Eles receberam novos nomes: Fernando tornou-se Fei Nanduo, Aloisio virou Luo Guofu, Elkeson era chamado de Ai Kesen, Ricardo Goulart de Gao Late e Alan Carvalho de A Lan. Durante a pandemia, no entanto, eles deixaram o país e o convite para trás.

Não foram deixados de lado, no entanto, os planos do governo chinês. De acordo com o pesquisador Emanuel Leite, Xi Jinping está convencido da importância geopolítica do futebol e continuará a buscar soluções para alcançar seus objetivos.
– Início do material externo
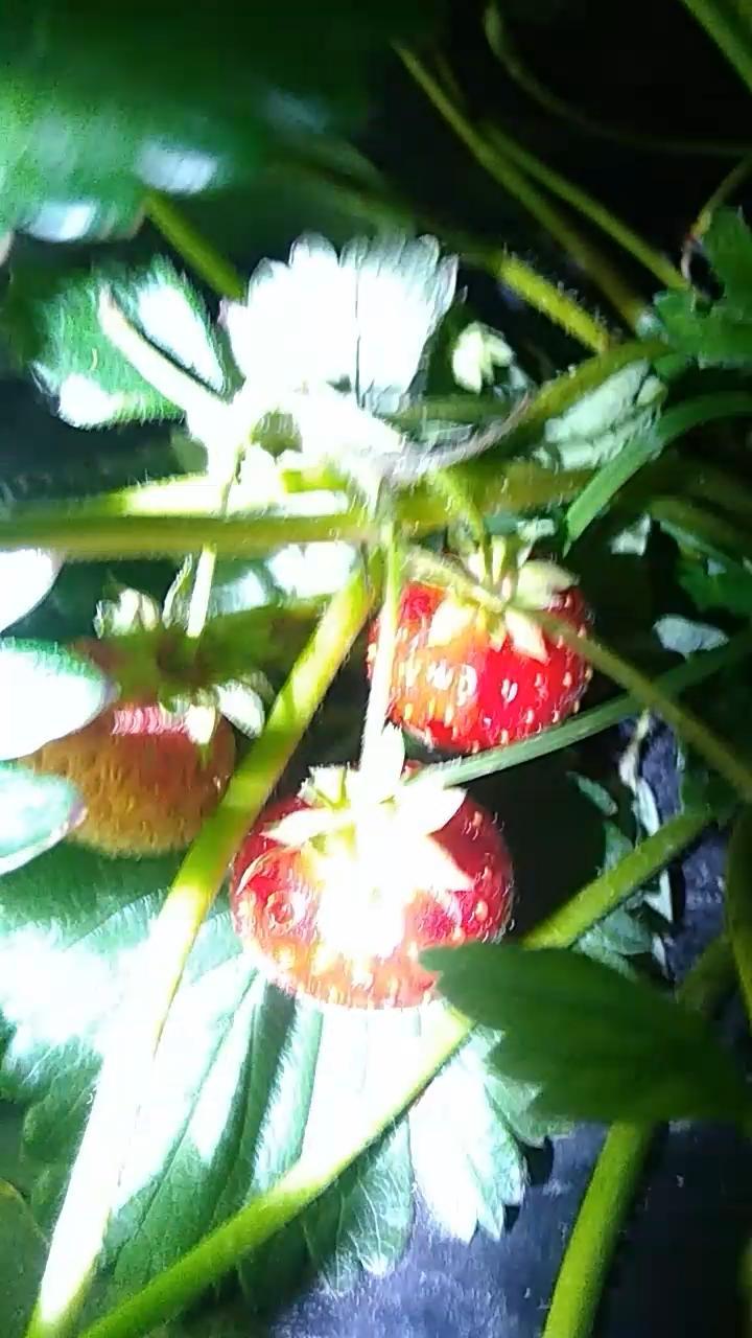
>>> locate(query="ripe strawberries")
[374,537,603,774]
[254,777,529,1025]
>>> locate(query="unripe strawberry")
[32,647,241,870]
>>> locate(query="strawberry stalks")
[453,558,608,661]
[147,555,229,698]
[307,584,422,870]
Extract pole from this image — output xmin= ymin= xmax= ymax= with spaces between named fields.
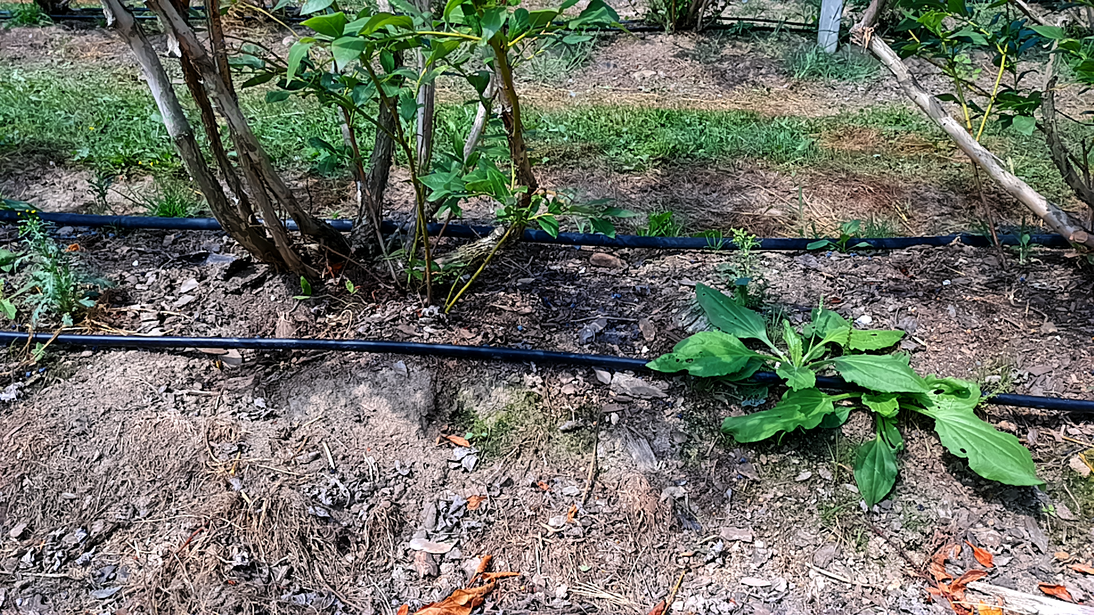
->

"O futebol serve como uma ponte, que estabelece ligações, conexões e, consequentemente, negócios", diz Leite, autor do livro "China, Futebol e Desenvolvimento: Socialismo e Soft Power".

Para ele, a melhor forma para o país asiático suprir suas carências no esporte é buscar intercâmbios com parceiros como o Brasil. "Nós temos a expertise na formação de atletas, e há uma demanda enorme na China por aprender."